Billions of people around the world rely on their mobile phones every day.
Even in a saturated market, mobile networks have continued to expand their reach. In the last five years alone, almost one billion additional people have gained access to mobile data services.
Despite the growing prevalence of these networks worldwide, the cost of gaining access can vary greatly from country to country—particularly when it comes to the price of mobile data.
The chart uses figures from cable.co.uk to showcase the average cost of one gigabyte (GB) of mobile data in 155 different countries and jurisdictions. Despite the vast global reach of the mobile economy, it’s clear it still has a long way to go to reach true accessibility.

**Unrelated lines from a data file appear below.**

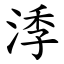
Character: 㳵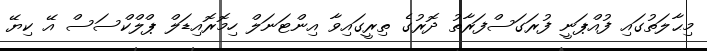
މިޙާލަތުގައި ފުއްޕަނީ ފުރަގަސްފަރާތު ދޮރުގެ ތިރީގައިވާ އިންޓަނަލް ހިމޮރޮއިޑަލް ޕްލްކްސަސް އޭ ކިޔޭ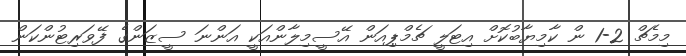
މިމެޗް 2-1 ން ކާމިޔާބުކޮށް އިޓަލީ ޗެމްޕިއަން އޭސީމިލާންއަކީ އަންނަ ސީޒަންގެ ފޭވަރިޓުންކަން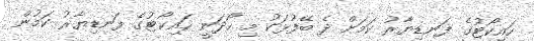
ހައިކޯޓުގެ ފަނޑިޔާރު ކަމަށް ދެ ބޭފުޅަކު މި ހޯދަނީ ހައިކޯޓުގެ ފަނޑިޔާރު ކަމުން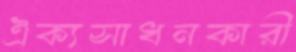
ঐক্যসাধনকারী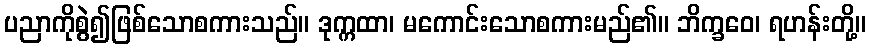
ပညာကိုစွဲ၍ဖြစ်သောစကားသည်။ ဒုက္ကထာ၊ မကောင်းသောစကားမည်၏။ ဘိက္ခဝေ၊ ရဟန်းတို့။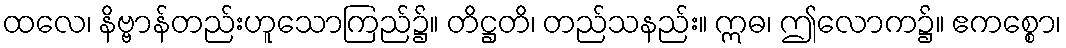
ထလေ၊ နိဗ္ဗာန်တည်းဟူသောကြည်၌။ တိဋ္ဌတိ၊ တည်သနည်း။ ဣဓ၊ ဤလောက၌။ ဧကစ္စော၊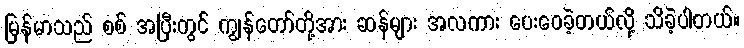
မြန်မာသည် စစ် အပြီးတွင် ကျွန်တော်တို့အား ဆန်များ အလကား ပေးဝေခဲ့တယ်လို့ သိခဲ့ပါတယ်။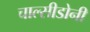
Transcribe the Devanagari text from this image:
चाल्सीडोनी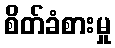
စိတ်ခံစားမှု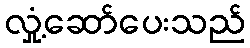
လှုံ့ဆော်ပေးသည်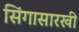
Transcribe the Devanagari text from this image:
सिंगासारखी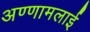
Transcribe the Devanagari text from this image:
अण्णामलाई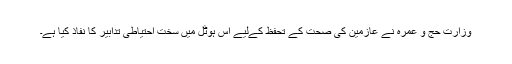
وزارتِ حج و عمرہ نے عازمین کی صحت کے تحفظ کےلیے اس ہوٹل میں سخت احتیاطی تدابیر کا نفاذ کیا ہے۔

Discrepancies in Mobile Data Costs
Researchers have identified several key elements that help explain the cost variation for mobile data between countries:
- Existing infrastructure (or lack thereof): This might seem counter-intuitive, but most mobile networks rely on a fixed-line connection. As a result, countries with existing infrastructure are able to offer mobile plans with more data, at a cheaper price. This is the case for India and Italy. Countries with minimal or no infrastructure rely on more costly connection alternatives like satellites, and the cost typically gets passed down to the consumer.
- Reliance on mobile data: When mobile data is the primary source of internet in a particular region, adoption can become nearly universal. This high demand typically leads to an increase in competing providers, which in turn lowers the cost. Kyrgyzstan is a good example of this.

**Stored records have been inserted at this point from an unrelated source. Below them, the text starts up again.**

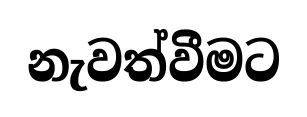
නැවත්වීමට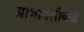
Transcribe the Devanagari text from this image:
प्राणापलीकडे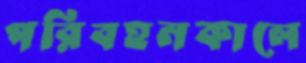
পরিবহনকালে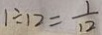
1 \div 1 2 = \frac { 1 } { 1 2 }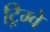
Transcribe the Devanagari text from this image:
ट्रिग्वे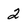
Character: 2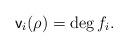
LaTeX: \begin{align*}\mathsf v_i (\rho) = \deg f_i.\end{align*}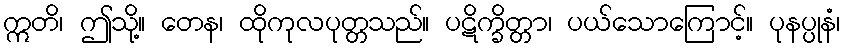
ဣတိ၊ ဤသို့။ တေန၊ ထိုကုလပုတ္တသည်။ ပဋိက္ခိတ္တာ၊ ပယ်သောကြောင့်။ ပုနပ္ပုနံ၊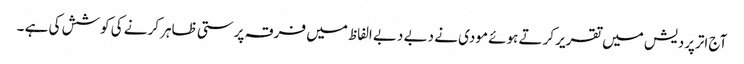
آج اترپردیش میں تقریر کرتے ہوئے مودی نے دبے دبے الفاظ میں فرقہ پرستی ظاہر کرنے کی کوشش کی ہے ۔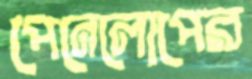
পেনেলোপের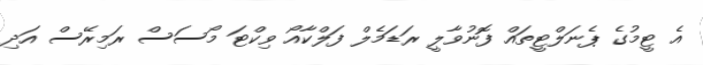
އެ ޓީމުގެ ޕެނަލްޓީތައް ފޮނުވާލީ ރަޑަމެލް ފަލްކާއޯ ވިކްޓަ މޯސަސް ރަމިރޭސް އަދި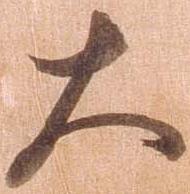
大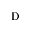
\mathrm { D }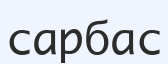
сарбас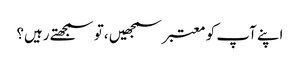
اپنے آپ کو معتبر سمجھیں ،تو سمجھتے رہیں؟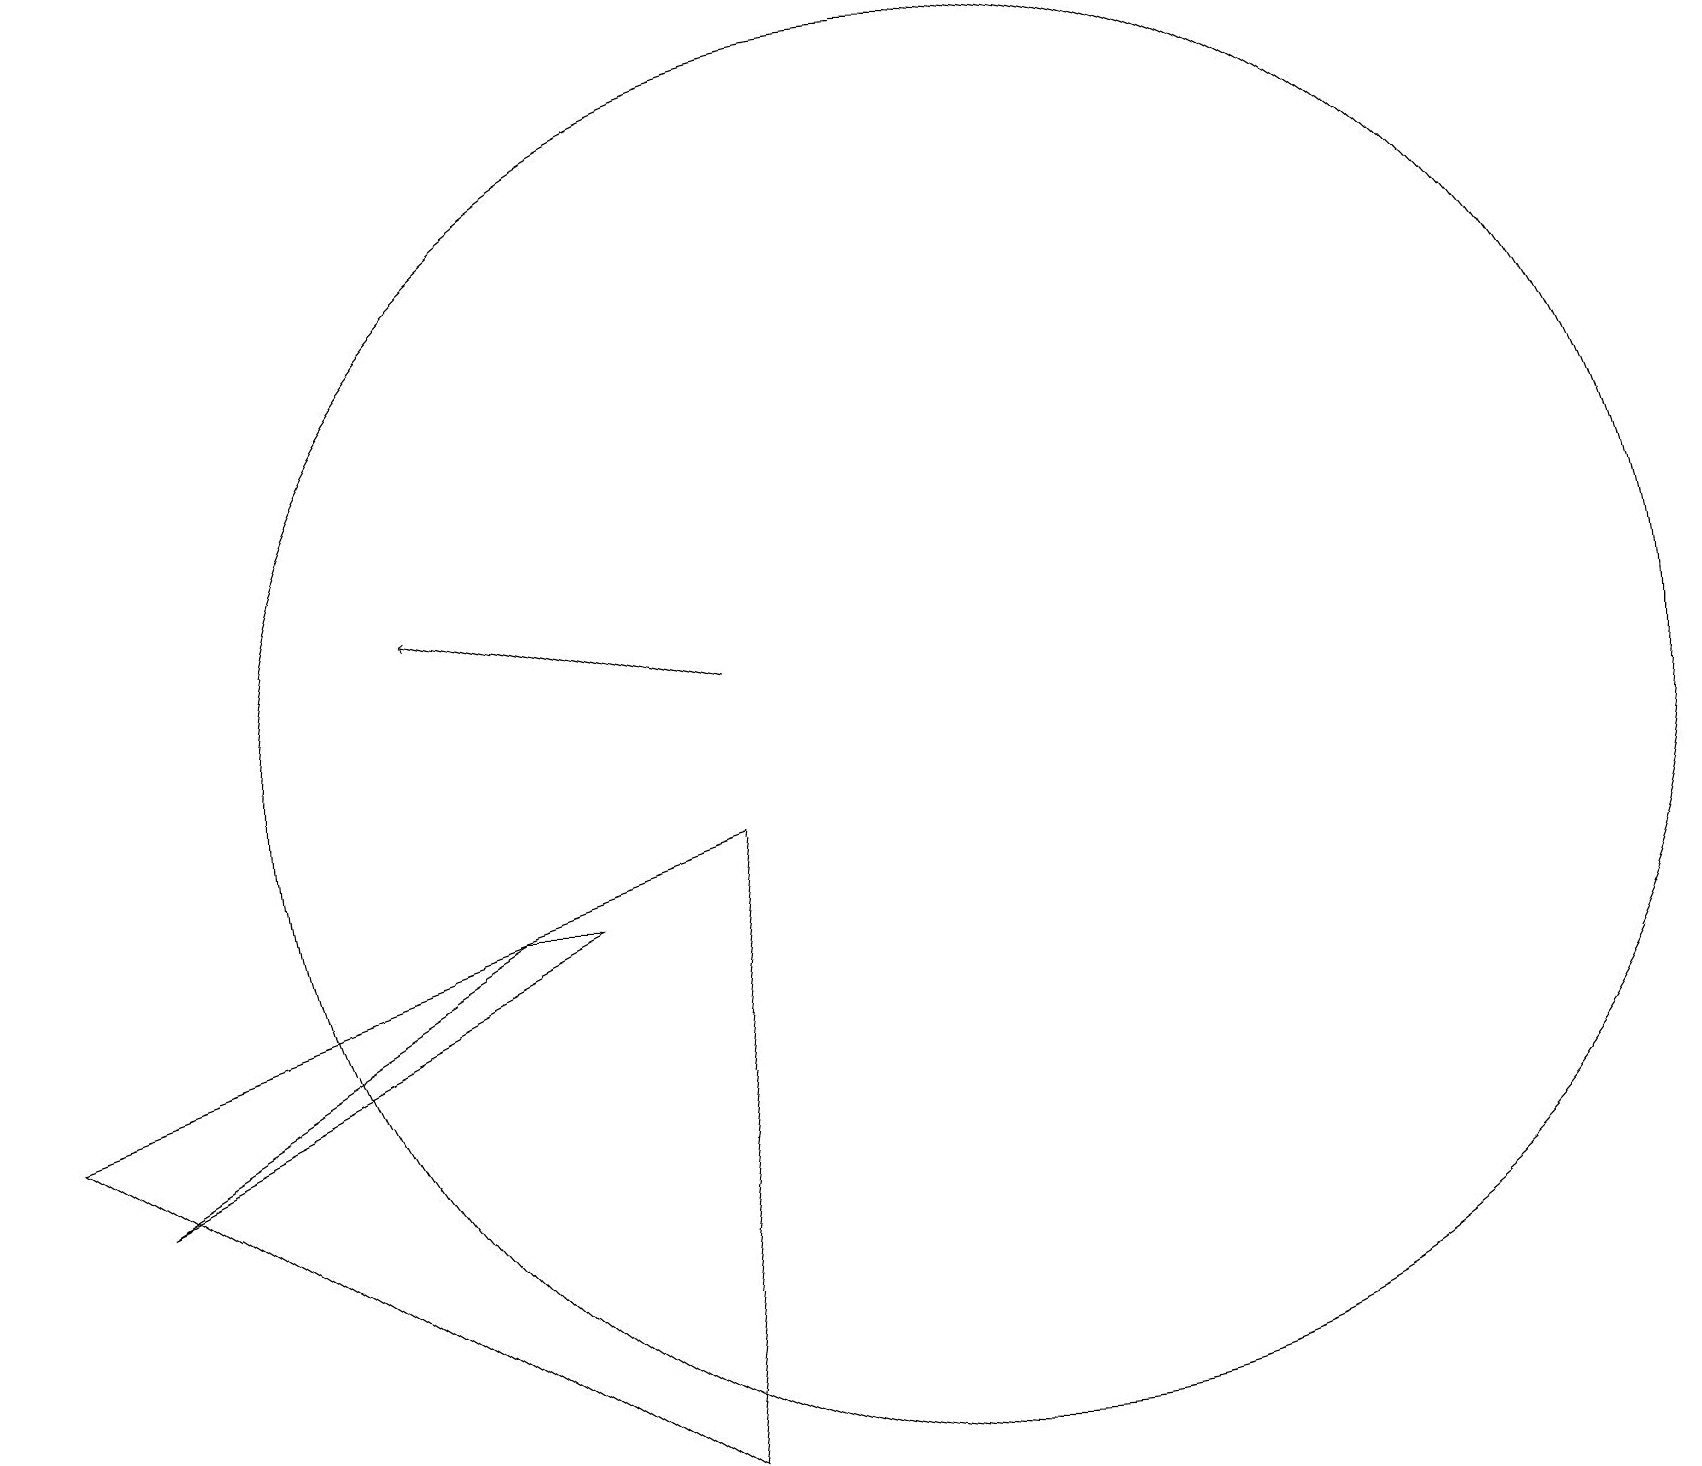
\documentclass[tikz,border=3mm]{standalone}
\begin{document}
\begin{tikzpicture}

- Low data consumption: Countries with poor infrastructure tend to use less data. With mobile plans that offer smaller data limits, the overall average cost per GB tends to skew higher. Countries like Malawi and Benin are examples of this phenomenon.
- Average income of consumer: Relatively wealthy nations tend to charge more for mobile services since the population can generally afford to pay more, and the cost of operating a network is higher. This is apparent in countries like Canada or Germany.
The Cheapest Countries for 1 GB of Data
Even among the cheapest countries for mobile data, the cost variation is significant. Here’s a look at the top five cheapest countries for 1 GB of data:
Overall Rank Country Average price of 1GB (USD)
1 India 9¢2
2 Israel 11¢3
3 Kyrgyzstan 21¢4
4 Italy 43¢5
5 Ukraine 46¢
India ranks the cheapest at $0.09 per GB, a 65% decrease in price compared to the country’s average cost in 2019.
Why is data so cheap in India?
A significant factor is the country’s intense market competition, driven by Reliance Jio—a telecom company owned by Reliance Industries, one of the largest conglomerates in India. Reliance Jio launched in 2016, offering customers free trial periods and plans for less than a $1 a month. This forced other providers to drop their pricing, driving down the overall cost of data in the region.
Because these prices are likely unsustainable for the long term, India’s cheaper-than-usual prices may soon come to an end.
Another country worth highlighting is Kyrgyzstan, which ranks as the third cheapest at $0.21 per GB, ahead of Italy and Ukraine. This ranking is surprising, given the country’s minimal fixed-line infrastructure and large rural population. Researchers suspect the low cost is a result of Kyrgyzstan’s heavy reliance on mobile data as the population’s primary source of internet.
The Most Expensive Countries for 1 GB of Data
On the other end of the spectrum, here are the top five most expensive countries for one gigabyte of mobile data:
Overall Rank Country Average price of 1GB (USD)
155 Malawi $27.41154
154 Benin $27.22153
153 Chad $23.33152
152 Yemen $15.98151
151 Botswana $13.87
A striking trend worth noting is that four out of five of the most expensive countries for mobile data are in Sub-Saharan Africa (SSA).
A significant factor behind the high cost of data in SSA is its lack of infrastructure. With overburdened networks, the data bundles offered in the region are generally smaller. This drives up the average cost per GB when compared to countries with unlimited packages.
Another element that contributes to SSA’s high costs is its lack of market competition. In countries with multiple competing networks, such as Nigeria, the cost of data skews lower.
The Technology Gap
Will we reach a point of equal accessibility across the globe, or will the technology gap between countries continue to widen?
With 5G networks on the rise, just seven countries are expected to make up the majority of 5G related investments. Time will tell what this means for adoption worldwide, and how quickly Africa's governments, internet service providers, and other stakeholder's would collaborate to create solutions to the high cost of mobile data on the continent, so as to boost her inclusion in the global (digital) development.